**What you need to do**
Exactly as written, reproduce the lines from the beginning of the data through the line containing "<!-- END OF HEADER -->"; the pictures are not reproduced.

(Stored items)
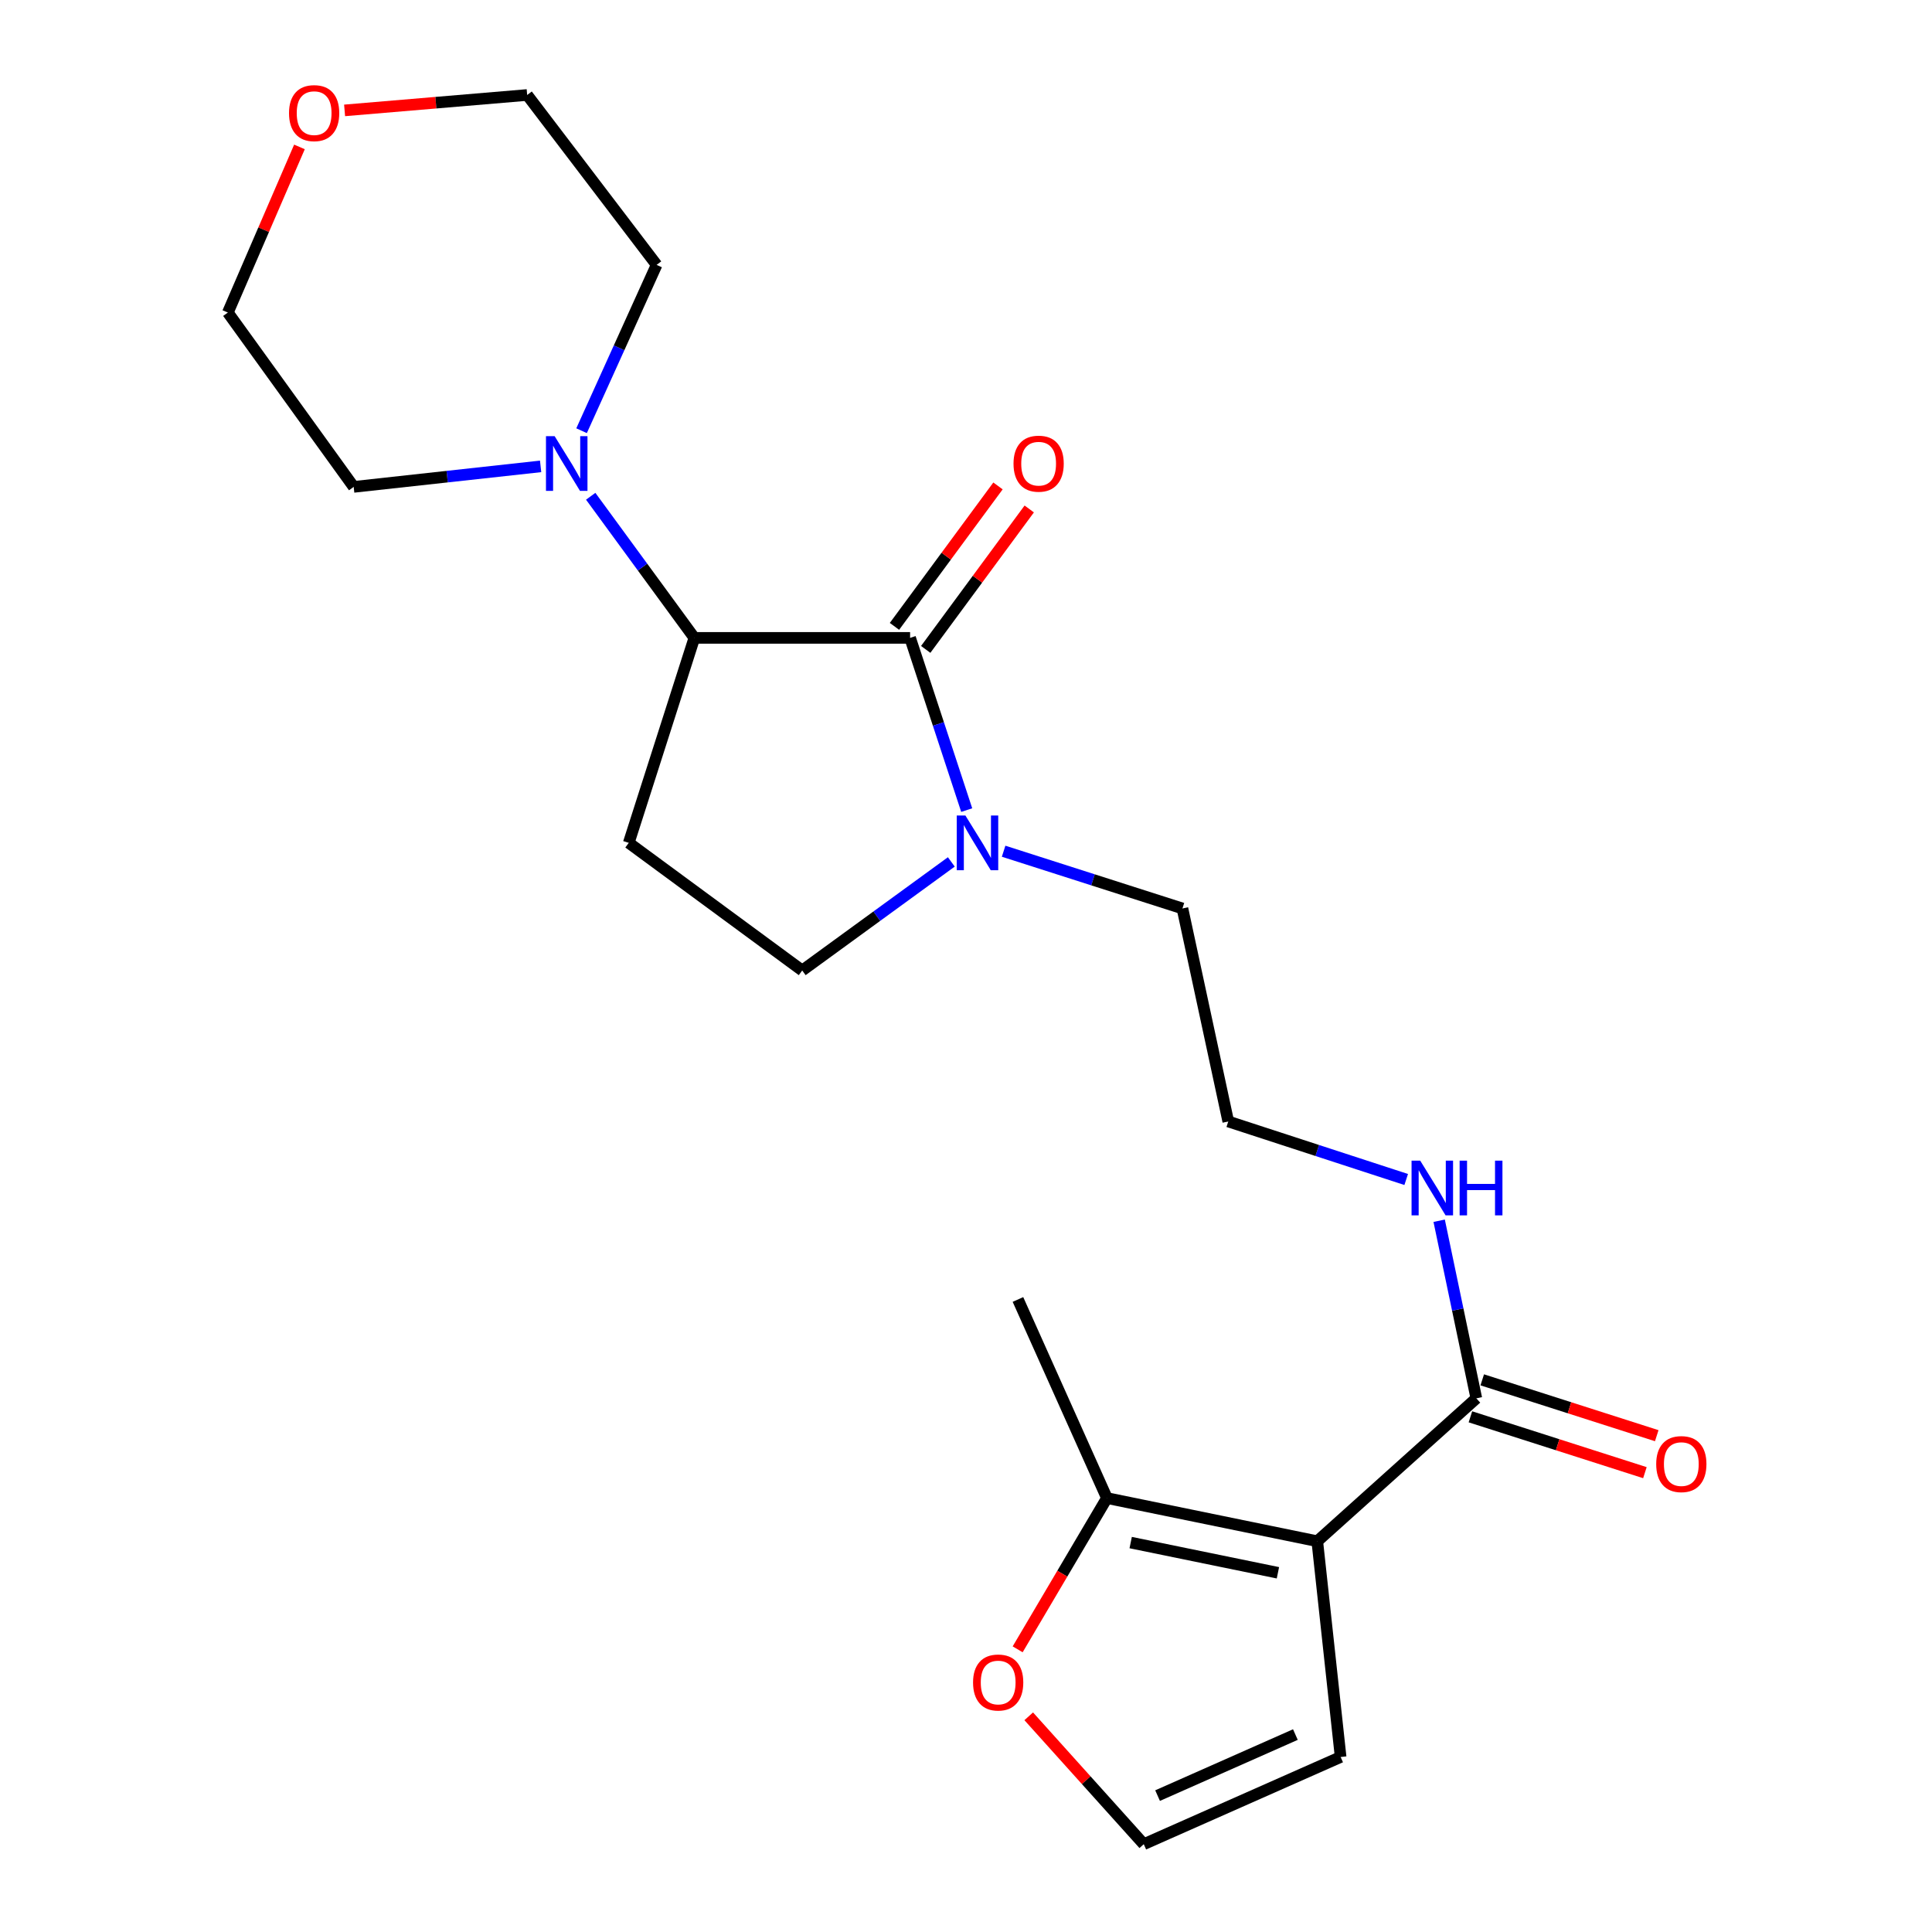<?xml version='1.0' encoding='iso-8859-1'?>
<svg version='1.1' baseProfile='full'
              xmlns='http://www.w3.org/2000/svg'
                      xmlns:rdkit='http://www.rdkit.org/xml'
                      xmlns:xlink='http://www.w3.org/1999/xlink'
                  xml:space='preserve'
width='1000px' height='1000px' viewBox='0 0 1000 1000'>
<!-- END OF HEADER -->
<rect style='opacity:1.0;fill:#FFFFFF;stroke:none' width='1000' height='1000' x='0' y='0'> </rect>
<path class='bond-3' d='M 681.819,797.739 L 764.146,723.773' style='fill:none;fill-rule:evenodd;stroke:#000000;stroke-width:6px;stroke-linecap:butt;stroke-linejoin:miter;stroke-opacity:1' />
<path class='bond-4' d='M 681.819,797.739 L 572.946,775.402' style='fill:none;fill-rule:evenodd;stroke:#000000;stroke-width:6px;stroke-linecap:butt;stroke-linejoin:miter;stroke-opacity:1' />
<path class='bond-4' d='M 661.45,814.072 L 585.239,798.436' style='fill:none;fill-rule:evenodd;stroke:#000000;stroke-width:6px;stroke-linecap:butt;stroke-linejoin:miter;stroke-opacity:1' />
<path class='bond-7' d='M 681.819,797.739 L 693.908,909.414' style='fill:none;fill-rule:evenodd;stroke:#000000;stroke-width:6px;stroke-linecap:butt;stroke-linejoin:miter;stroke-opacity:1' />
<path class='bond-0' d='M 471.062,330.167 L 485.717,374.738' style='fill:none;fill-rule:evenodd;stroke:#000000;stroke-width:6px;stroke-linecap:butt;stroke-linejoin:miter;stroke-opacity:1' />
<path class='bond-0' d='M 485.717,374.738 L 500.372,419.308' style='fill:none;fill-rule:evenodd;stroke:#0000FF;stroke-width:6px;stroke-linecap:butt;stroke-linejoin:miter;stroke-opacity:1' />
<path class='bond-1' d='M 471.062,330.167 L 359.399,330.167' style='fill:none;fill-rule:evenodd;stroke:#000000;stroke-width:6px;stroke-linecap:butt;stroke-linejoin:miter;stroke-opacity:1' />
<path class='bond-11' d='M 479.149,336.129 L 505.941,299.784' style='fill:none;fill-rule:evenodd;stroke:#000000;stroke-width:6px;stroke-linecap:butt;stroke-linejoin:miter;stroke-opacity:1' />
<path class='bond-11' d='M 505.941,299.784 L 532.733,263.439' style='fill:none;fill-rule:evenodd;stroke:#FF0000;stroke-width:6px;stroke-linecap:butt;stroke-linejoin:miter;stroke-opacity:1' />
<path class='bond-11' d='M 462.975,324.206 L 489.767,287.861' style='fill:none;fill-rule:evenodd;stroke:#000000;stroke-width:6px;stroke-linecap:butt;stroke-linejoin:miter;stroke-opacity:1' />
<path class='bond-11' d='M 489.767,287.861 L 516.559,251.517' style='fill:none;fill-rule:evenodd;stroke:#FF0000;stroke-width:6px;stroke-linecap:butt;stroke-linejoin:miter;stroke-opacity:1' />
<path class='bond-5' d='M 359.399,330.167 L 332.573,293.519' style='fill:none;fill-rule:evenodd;stroke:#000000;stroke-width:6px;stroke-linecap:butt;stroke-linejoin:miter;stroke-opacity:1' />
<path class='bond-5' d='M 332.573,293.519 L 305.748,256.871' style='fill:none;fill-rule:evenodd;stroke:#0000FF;stroke-width:6px;stroke-linecap:butt;stroke-linejoin:miter;stroke-opacity:1' />
<path class='bond-23' d='M 359.399,330.167 L 325.441,436.26' style='fill:none;fill-rule:evenodd;stroke:#000000;stroke-width:6px;stroke-linecap:butt;stroke-linejoin:miter;stroke-opacity:1' />
<path class='bond-2' d='M 519.471,440.59 L 565.749,455.404' style='fill:none;fill-rule:evenodd;stroke:#0000FF;stroke-width:6px;stroke-linecap:butt;stroke-linejoin:miter;stroke-opacity:1' />
<path class='bond-2' d='M 565.749,455.404 L 612.028,470.218' style='fill:none;fill-rule:evenodd;stroke:#000000;stroke-width:6px;stroke-linecap:butt;stroke-linejoin:miter;stroke-opacity:1' />
<path class='bond-9' d='M 492.401,446.124 L 453.813,474.223' style='fill:none;fill-rule:evenodd;stroke:#0000FF;stroke-width:6px;stroke-linecap:butt;stroke-linejoin:miter;stroke-opacity:1' />
<path class='bond-9' d='M 453.813,474.223 L 415.225,502.323' style='fill:none;fill-rule:evenodd;stroke:#000000;stroke-width:6px;stroke-linecap:butt;stroke-linejoin:miter;stroke-opacity:1' />
<path class='bond-12' d='M 761.083,733.342 L 806.243,747.795' style='fill:none;fill-rule:evenodd;stroke:#000000;stroke-width:6px;stroke-linecap:butt;stroke-linejoin:miter;stroke-opacity:1' />
<path class='bond-12' d='M 806.243,747.795 L 851.402,762.248' style='fill:none;fill-rule:evenodd;stroke:#FF0000;stroke-width:6px;stroke-linecap:butt;stroke-linejoin:miter;stroke-opacity:1' />
<path class='bond-12' d='M 767.208,714.205 L 812.367,728.658' style='fill:none;fill-rule:evenodd;stroke:#000000;stroke-width:6px;stroke-linecap:butt;stroke-linejoin:miter;stroke-opacity:1' />
<path class='bond-12' d='M 812.367,728.658 L 857.527,743.111' style='fill:none;fill-rule:evenodd;stroke:#FF0000;stroke-width:6px;stroke-linecap:butt;stroke-linejoin:miter;stroke-opacity:1' />
<path class='bond-13' d='M 764.146,723.773 L 754.527,677.813' style='fill:none;fill-rule:evenodd;stroke:#000000;stroke-width:6px;stroke-linecap:butt;stroke-linejoin:miter;stroke-opacity:1' />
<path class='bond-13' d='M 754.527,677.813 L 744.908,631.853' style='fill:none;fill-rule:evenodd;stroke:#0000FF;stroke-width:6px;stroke-linecap:butt;stroke-linejoin:miter;stroke-opacity:1' />
<path class='bond-8' d='M 572.946,775.402 L 549.842,814.546' style='fill:none;fill-rule:evenodd;stroke:#000000;stroke-width:6px;stroke-linecap:butt;stroke-linejoin:miter;stroke-opacity:1' />
<path class='bond-8' d='M 549.842,814.546 L 526.738,853.69' style='fill:none;fill-rule:evenodd;stroke:#FF0000;stroke-width:6px;stroke-linecap:butt;stroke-linejoin:miter;stroke-opacity:1' />
<path class='bond-19' d='M 572.946,775.402 L 526.888,672.602' style='fill:none;fill-rule:evenodd;stroke:#000000;stroke-width:6px;stroke-linecap:butt;stroke-linejoin:miter;stroke-opacity:1' />
<path class='bond-17' d='M 279.823,241.398 L 231.446,246.707' style='fill:none;fill-rule:evenodd;stroke:#0000FF;stroke-width:6px;stroke-linecap:butt;stroke-linejoin:miter;stroke-opacity:1' />
<path class='bond-17' d='M 231.446,246.707 L 183.069,252.015' style='fill:none;fill-rule:evenodd;stroke:#000000;stroke-width:6px;stroke-linecap:butt;stroke-linejoin:miter;stroke-opacity:1' />
<path class='bond-18' d='M 301.021,222.934 L 320.443,180.019' style='fill:none;fill-rule:evenodd;stroke:#0000FF;stroke-width:6px;stroke-linecap:butt;stroke-linejoin:miter;stroke-opacity:1' />
<path class='bond-18' d='M 320.443,180.019 L 339.864,137.104' style='fill:none;fill-rule:evenodd;stroke:#000000;stroke-width:6px;stroke-linecap:butt;stroke-linejoin:miter;stroke-opacity:1' />
<path class='bond-6' d='M 325.441,436.26 L 415.225,502.323' style='fill:none;fill-rule:evenodd;stroke:#000000;stroke-width:6px;stroke-linecap:butt;stroke-linejoin:miter;stroke-opacity:1' />
<path class='bond-10' d='M 693.908,909.414 L 592.013,954.545' style='fill:none;fill-rule:evenodd;stroke:#000000;stroke-width:6px;stroke-linecap:butt;stroke-linejoin:miter;stroke-opacity:1' />
<path class='bond-10' d='M 670.487,897.811 L 599.16,929.404' style='fill:none;fill-rule:evenodd;stroke:#000000;stroke-width:6px;stroke-linecap:butt;stroke-linejoin:miter;stroke-opacity:1' />
<path class='bond-22' d='M 532.465,888.356 L 562.239,921.45' style='fill:none;fill-rule:evenodd;stroke:#FF0000;stroke-width:6px;stroke-linecap:butt;stroke-linejoin:miter;stroke-opacity:1' />
<path class='bond-22' d='M 562.239,921.45 L 592.013,954.545' style='fill:none;fill-rule:evenodd;stroke:#000000;stroke-width:6px;stroke-linecap:butt;stroke-linejoin:miter;stroke-opacity:1' />
<path class='bond-16' d='M 727.845,610.505 L 681.797,595.49' style='fill:none;fill-rule:evenodd;stroke:#0000FF;stroke-width:6px;stroke-linecap:butt;stroke-linejoin:miter;stroke-opacity:1' />
<path class='bond-16' d='M 681.797,595.49 L 635.749,580.475' style='fill:none;fill-rule:evenodd;stroke:#000000;stroke-width:6px;stroke-linecap:butt;stroke-linejoin:miter;stroke-opacity:1' />
<path class='bond-14' d='M 178.362,57.141 L 225.613,53.151' style='fill:none;fill-rule:evenodd;stroke:#FF0000;stroke-width:6px;stroke-linecap:butt;stroke-linejoin:miter;stroke-opacity:1' />
<path class='bond-14' d='M 225.613,53.151 L 272.864,49.162' style='fill:none;fill-rule:evenodd;stroke:#000000;stroke-width:6px;stroke-linecap:butt;stroke-linejoin:miter;stroke-opacity:1' />
<path class='bond-24' d='M 154.998,76.046 L 136.465,118.91' style='fill:none;fill-rule:evenodd;stroke:#FF0000;stroke-width:6px;stroke-linecap:butt;stroke-linejoin:miter;stroke-opacity:1' />
<path class='bond-24' d='M 136.465,118.91 L 117.933,161.774' style='fill:none;fill-rule:evenodd;stroke:#000000;stroke-width:6px;stroke-linecap:butt;stroke-linejoin:miter;stroke-opacity:1' />
<path class='bond-15' d='M 612.028,470.218 L 635.749,580.475' style='fill:none;fill-rule:evenodd;stroke:#000000;stroke-width:6px;stroke-linecap:butt;stroke-linejoin:miter;stroke-opacity:1' />
<path class='bond-20' d='M 183.069,252.015 L 117.933,161.774' style='fill:none;fill-rule:evenodd;stroke:#000000;stroke-width:6px;stroke-linecap:butt;stroke-linejoin:miter;stroke-opacity:1' />
<path class='bond-21' d='M 339.864,137.104 L 272.864,49.162' style='fill:none;fill-rule:evenodd;stroke:#000000;stroke-width:6px;stroke-linecap:butt;stroke-linejoin:miter;stroke-opacity:1' />
<path  class='atom-3' d='M 499.686 422.1
L 508.966 437.1
Q 509.886 438.58, 511.366 441.26
Q 512.846 443.94, 512.926 444.1
L 512.926 422.1
L 516.686 422.1
L 516.686 450.42
L 512.806 450.42
L 502.846 434.02
Q 501.686 432.1, 500.446 429.9
Q 499.246 427.7, 498.886 427.02
L 498.886 450.42
L 495.206 450.42
L 495.206 422.1
L 499.686 422.1
' fill='#0000FF'/>
<path  class='atom-6' d='M 287.076 225.755
L 296.356 240.755
Q 297.276 242.235, 298.756 244.915
Q 300.236 247.595, 300.316 247.755
L 300.316 225.755
L 304.076 225.755
L 304.076 254.075
L 300.196 254.075
L 290.236 237.675
Q 289.076 235.755, 287.836 233.555
Q 286.636 231.355, 286.276 230.675
L 286.276 254.075
L 282.596 254.075
L 282.596 225.755
L 287.076 225.755
' fill='#0000FF'/>
<path  class='atom-9' d='M 503.652 870.859
Q 503.652 864.059, 507.012 860.259
Q 510.372 856.459, 516.652 856.459
Q 522.932 856.459, 526.292 860.259
Q 529.652 864.059, 529.652 870.859
Q 529.652 877.739, 526.252 881.659
Q 522.852 885.539, 516.652 885.539
Q 510.412 885.539, 507.012 881.659
Q 503.652 877.779, 503.652 870.859
M 516.652 882.339
Q 520.972 882.339, 523.292 879.459
Q 525.652 876.539, 525.652 870.859
Q 525.652 865.299, 523.292 862.499
Q 520.972 859.659, 516.652 859.659
Q 512.332 859.659, 509.972 862.459
Q 507.652 865.259, 507.652 870.859
Q 507.652 876.579, 509.972 879.459
Q 512.332 882.339, 516.652 882.339
' fill='#FF0000'/>
<path  class='atom-12' d='M 524.593 239.995
Q 524.593 233.195, 527.953 229.395
Q 531.313 225.595, 537.593 225.595
Q 543.873 225.595, 547.233 229.395
Q 550.593 233.195, 550.593 239.995
Q 550.593 246.875, 547.193 250.795
Q 543.793 254.675, 537.593 254.675
Q 531.353 254.675, 527.953 250.795
Q 524.593 246.915, 524.593 239.995
M 537.593 251.475
Q 541.913 251.475, 544.233 248.595
Q 546.593 245.675, 546.593 239.995
Q 546.593 234.435, 544.233 231.635
Q 541.913 228.795, 537.593 228.795
Q 533.273 228.795, 530.913 231.595
Q 528.593 234.395, 528.593 239.995
Q 528.593 245.715, 530.913 248.595
Q 533.273 251.475, 537.593 251.475
' fill='#FF0000'/>
<path  class='atom-13' d='M 857.25 757.811
Q 857.25 751.011, 860.61 747.211
Q 863.97 743.411, 870.25 743.411
Q 876.53 743.411, 879.89 747.211
Q 883.25 751.011, 883.25 757.811
Q 883.25 764.691, 879.85 768.611
Q 876.45 772.491, 870.25 772.491
Q 864.01 772.491, 860.61 768.611
Q 857.25 764.731, 857.25 757.811
M 870.25 769.291
Q 874.57 769.291, 876.89 766.411
Q 879.25 763.491, 879.25 757.811
Q 879.25 752.251, 876.89 749.451
Q 874.57 746.611, 870.25 746.611
Q 865.93 746.611, 863.57 749.411
Q 861.25 752.211, 861.25 757.811
Q 861.25 763.531, 863.57 766.411
Q 865.93 769.291, 870.25 769.291
' fill='#FF0000'/>
<path  class='atom-14' d='M 735.102 600.752
L 744.382 615.752
Q 745.302 617.232, 746.782 619.912
Q 748.262 622.592, 748.342 622.752
L 748.342 600.752
L 752.102 600.752
L 752.102 629.072
L 748.222 629.072
L 738.262 612.672
Q 737.102 610.752, 735.862 608.552
Q 734.662 606.352, 734.302 605.672
L 734.302 629.072
L 730.622 629.072
L 730.622 600.752
L 735.102 600.752
' fill='#0000FF'/>
<path  class='atom-14' d='M 755.502 600.752
L 759.342 600.752
L 759.342 612.792
L 773.822 612.792
L 773.822 600.752
L 777.662 600.752
L 777.662 629.072
L 773.822 629.072
L 773.822 615.992
L 759.342 615.992
L 759.342 629.072
L 755.502 629.072
L 755.502 600.752
' fill='#0000FF'/>
<path  class='atom-15' d='M 149.596 58.552
Q 149.596 51.752, 152.956 47.952
Q 156.316 44.152, 162.596 44.152
Q 168.876 44.152, 172.236 47.952
Q 175.596 51.752, 175.596 58.552
Q 175.596 65.432, 172.196 69.352
Q 168.796 73.232, 162.596 73.232
Q 156.356 73.232, 152.956 69.352
Q 149.596 65.472, 149.596 58.552
M 162.596 70.032
Q 166.916 70.032, 169.236 67.152
Q 171.596 64.232, 171.596 58.552
Q 171.596 52.992, 169.236 50.192
Q 166.916 47.352, 162.596 47.352
Q 158.276 47.352, 155.916 50.152
Q 153.596 52.952, 153.596 58.552
Q 153.596 64.272, 155.916 67.152
Q 158.276 70.032, 162.596 70.032
' fill='#FF0000'/>
</svg>

**Answer box**
<?xml version='1.0' encoding='iso-8859-1'?>
<svg version='1.1' baseProfile='full'
              xmlns='http://www.w3.org/2000/svg'
                      xmlns:rdkit='http://www.rdkit.org/xml'
                      xmlns:xlink='http://www.w3.org/1999/xlink'
                  xml:space='preserve'
width='1000px' height='1000px' viewBox='0 0 1000 1000'>
<!-- END OF HEADER -->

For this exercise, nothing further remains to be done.